If Europe is to retain a leadership position in population based health research, as well as continue to provide evidence for improving public health, then several key actions need to be undertaken. First of all, mechanisms need to be established that allow studies to be conducted across these cohorts. These include efforts to ensure access to outside investigators, as well as initiatives to harmonize lifestyle and exposure data, as well as outcome measures for morbidity and mortality. These cohorts need to be viewed as an essential European research resource, contributing to the research facilities under construction in the BBMRI-ERIC infrastructure, including coordinated ELSI (Ethical, Legal and Social Implications) and IT platforms, a common sample and metadata catalogue and standardized quality assessment and control. The true value of these cohorts will only come through extensive genetic and phenotypic characterization. Assays for broad panels of genetic, phenotypic and infectious markers are becoming cheaper, especially when done on a large series. Further, one needs to recognize that large parts of Europe do not have large established population cohorts, in particular in central and Eastern Europe, and efforts need to be made to fill this gap.
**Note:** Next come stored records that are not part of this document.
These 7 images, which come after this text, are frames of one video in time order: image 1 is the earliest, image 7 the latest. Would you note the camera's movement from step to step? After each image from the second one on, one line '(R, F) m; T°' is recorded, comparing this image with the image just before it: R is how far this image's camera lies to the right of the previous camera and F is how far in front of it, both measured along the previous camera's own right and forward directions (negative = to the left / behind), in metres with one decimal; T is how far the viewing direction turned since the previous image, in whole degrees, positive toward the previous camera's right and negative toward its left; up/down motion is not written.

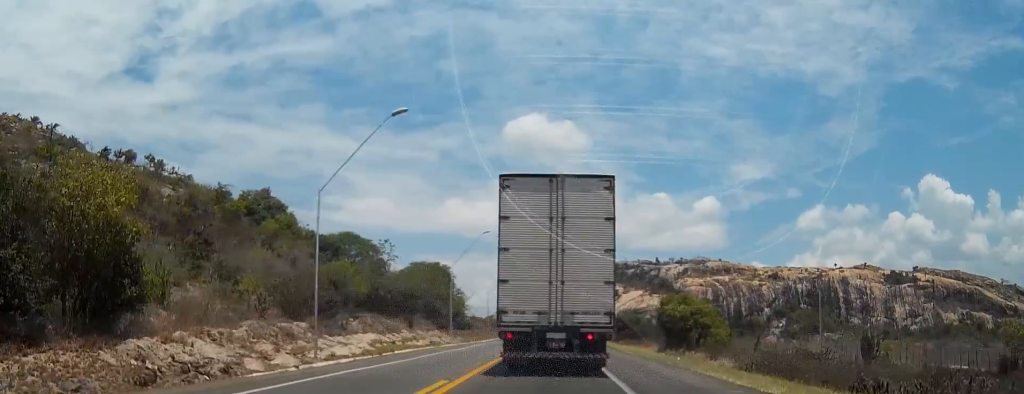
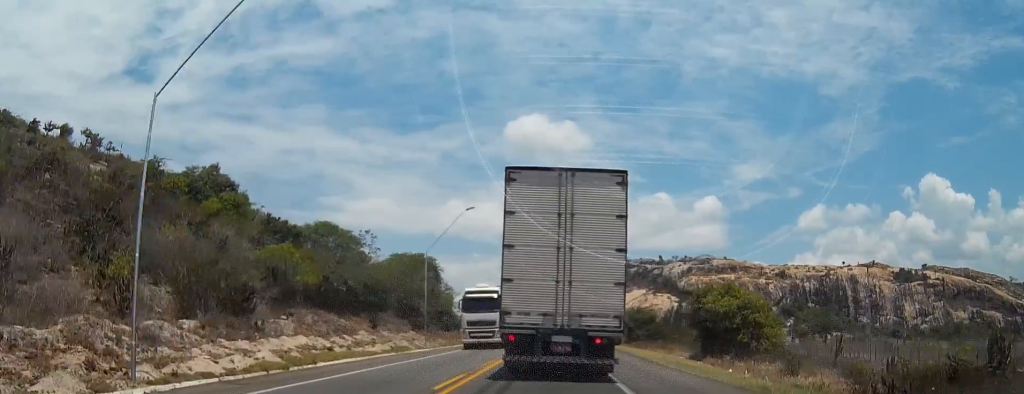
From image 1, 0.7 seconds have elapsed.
(0.0, +14.0) m; 0°
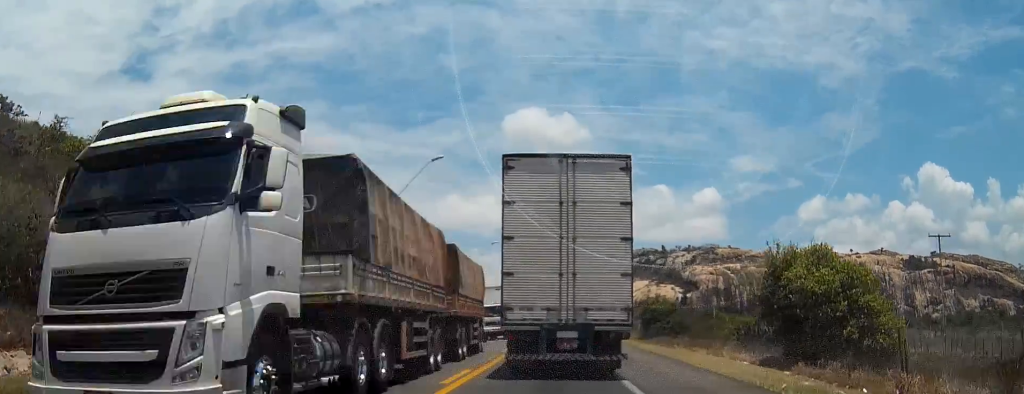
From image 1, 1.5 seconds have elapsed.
(0.0, +15.5) m; 0°
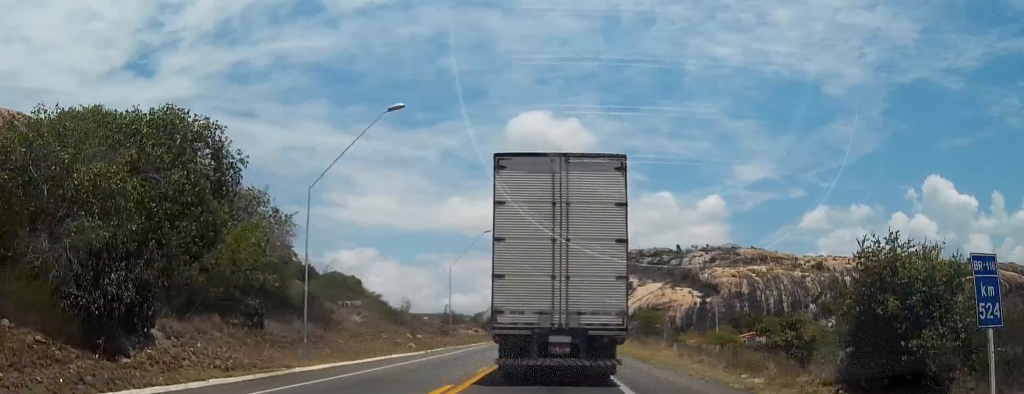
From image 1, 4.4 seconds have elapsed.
(0.0, +51.4) m; 0°
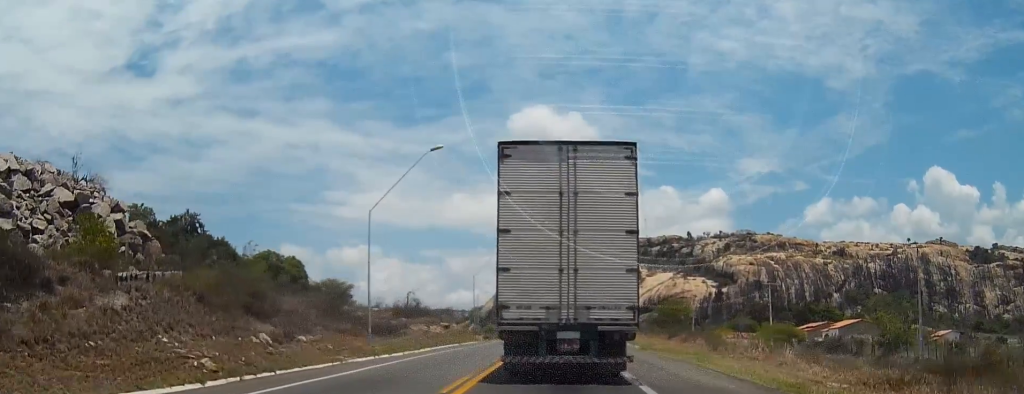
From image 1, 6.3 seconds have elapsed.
(0.0, +30.9) m; 0°
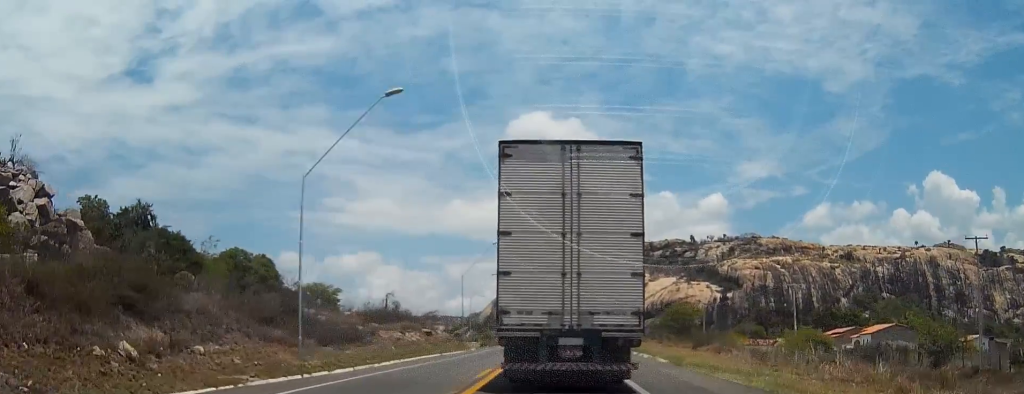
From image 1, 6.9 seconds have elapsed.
(0.0, +10.4) m; 0°
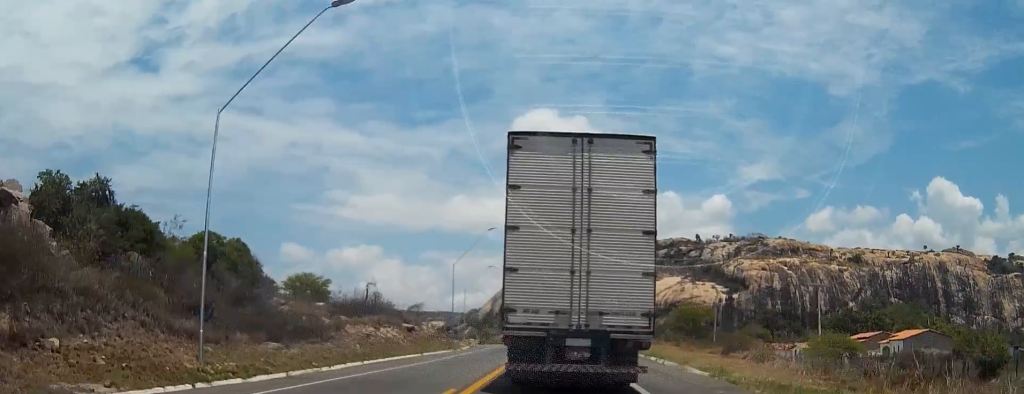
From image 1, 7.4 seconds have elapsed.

Finally, we appreciate that such a bold initiative will only go ahead if there is political will to support it. The management and development of large cohorts require considerable resources, with both EPIC and UK Biobank costing in the region of 100 million euros to establish. While modest national investments have been possible in the establishment of national BBMRI nodes and the national contributions to BBMRI-ERIC, none of this reflects the actual foundation cost of each nation’s biobanks proper, let alone the essential investments needed for maintenance and innovations. The US national cohort has been allocated $130 million for the current budget year alone. Europe is in the envious position where many of the cohorts are already in place, and what is required is a structure to bring them together. Given the scientific potential of such a large European cohort initiative, as well as the importance of informing public health policy across the continent, a more relevant question may be whether we can afford not to build it.